Curator’s B & B Business in Historic State Park Destroys Real Estate Tax Exemption: Willowdale LLC v. Board of Assessors of Topsfield, 78 Mass. App. Ct. 767 (2011).
Bradley Palmer State Park is a 721-acre reservation and estate set among the rhododendrons, white pines and meadows of Hamilton and Topsfield, nestled between Willowdale State Forest and the Ipswich River Wildlife Sanctuary. The park’s namesake was a turn-of-the century Boston lawyer who represented the likes of the United Fruit Company, State Street Trust, the Gillette Safety Razor Company and President Woodrow Wilson. Over the years, Mr. Palmer acquired a great deal of real estate in the Essex County area, including the mansion in Topsfield that today bears his name. Willowdale LLC could have used a lawyer like Mr. Palmer before opening a bed and breakfast at the Palmer Mansion in 1999.
Willowdale opened the B & B after leasing the historic Palmer Mansion (and six surrounding acres) from the Massachusetts Department of Environmental Management (now the Department of Conservation and Recreation) as part of an historic curatorship legislative program developed to preserve unused, historic properties through public-private partnerships. Under the 50-year lease, Willowdale was responsible for the payment of all real estate taxes, if and when assessed. The lease also charged Willowdale with the responsibility of maintaining and preserving the property, but allowed it to deduct any monies spent on upkeep and maintenance from the rent payments.

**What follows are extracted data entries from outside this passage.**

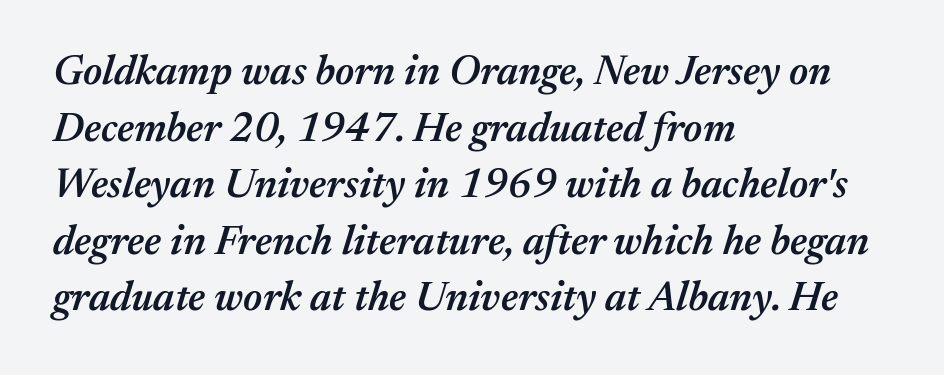
{"italic": "yes", "lean": "right", "slant_degrees": 17, "bold": "semi", "weight": "semibold", "width": "normal", "stroke_contrast": "medium", "x_height": "medium", "monospaced": "no", "underline": "no", "align": "left", "line_spacing": "normal", "line_spacing_ratio": 1.38, "letter_spacing": "normal", "letter_spacing_em": 0.0, "glyph_px": 41}
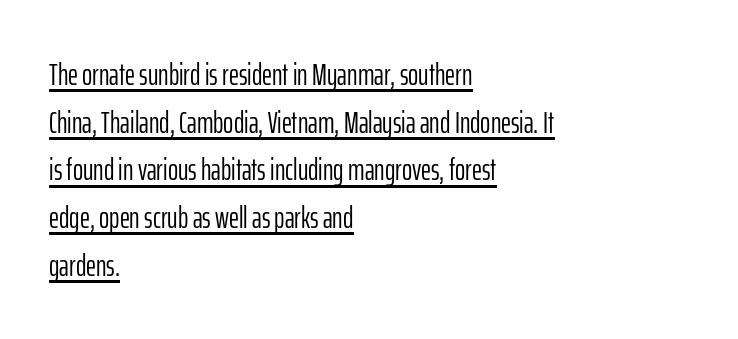
Q: Is the text bold? A: No.
Q: Is the text italic (slanted)? A: No, it is upright.
Q: Is the typeface a serif or a sans-serif typeface? A: Sans-serif.
Q: Is the text underlined? A: Yes.
Q: How is the paragraph aligned? A: Left-aligned.
Q: Is the spacing between letters normal or unusually wide? A: Normal.
Q: Is the spacing between lines tight, normal or loose? A: Normal.
Q: Width (condensed, normal, or wide)? A: Condensed.
Q: Stroke contrast? A: Low.
Q: x-height? A: Medium.
Q: Monospaced? A: No.

Upon the completion of renovations, Willowdale began operating a for-profit conference center and B & B – uses expressly contemplated and permitted under the terms of the lease – out of Palmer Mansion. Although Willowdale conducted free public tours of the interior of the mansion and held free community events on occasion, the interior of the mansion was otherwise accessible only to paying customers.
The Topsfield Board of Assessors assessed Willowdale with real estate taxes for the 2007 and 2008 tax years. Willowdale paid the taxes, but applied to the Board for an abatement, claiming entitlement to a tax exemption for the leased property on the grounds that operation of its business was “reasonably necessary to the public purpose of … a park, which is available to the use of the general public.” M.G.L. c. 59, § 2B. Willowdale theorized that income from the business was necessary to maintain and use the historic structure. The Board of Assessors rejected Willowdale’s “reasonably necessary” argument and denied the abatement. The Board also held that the leased portion of the property (6 of 721 acres) was not itself a “park” and, thus, did not qualify for an exemption under any circumstances. Noting the lofty burden of proof facing a taxpayer claiming an exemption, the State’s Appellate Tax Board affirmed. Willowdale then sought relief in the Appeals Court.

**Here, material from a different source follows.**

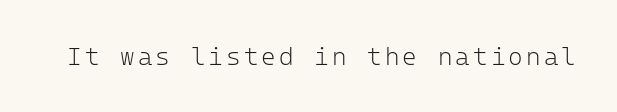
{"italic": "no", "bold": "no", "underline": "no", "glyph_px": 25}
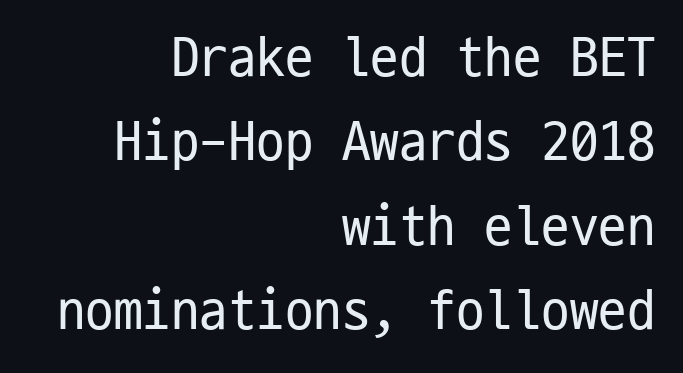
{"serif": "no", "italic": "no", "bold": "no", "weight": "regular", "width": "condensed", "stroke_contrast": "low", "x_height": "medium", "monospaced": "yes", "underline": "no", "align": "right", "line_spacing": "normal", "line_spacing_ratio": 1.48, "letter_spacing": "normal", "letter_spacing_em": 0.0, "glyph_px": 57}

In affirming the Appellate Tax Board’s decision, the Appeals Court noted that entitlement to a tax exemption must be clear and unmistakable. For two reasons, no such entitlement was recognizable here. First, the public’s use of the remainder of the State Park was in no way contingent upon or affected by the presence of Willowdale’s operations at the mansion. Second, the interior of the leased portion of the property was primarily available only to paying customers of Willowdale’s for-profit business, effectively removing such portion from the definition of a “park” within the meaning of M.G.L. c. 59, § 2B. As the Appeals Court wrote: “Willowdale confuses what is reasonably necessary to the maintenance and use of the mansion as a historic property with what is reasonably necessary to the public purpose of a park available to the use of the general public.”
The decision stands as a helpful tool to those seeking to enjoy the otherwise favorable terms of long-term leases offered by the Commonwealth, as well as to the communities where such historic properties are located.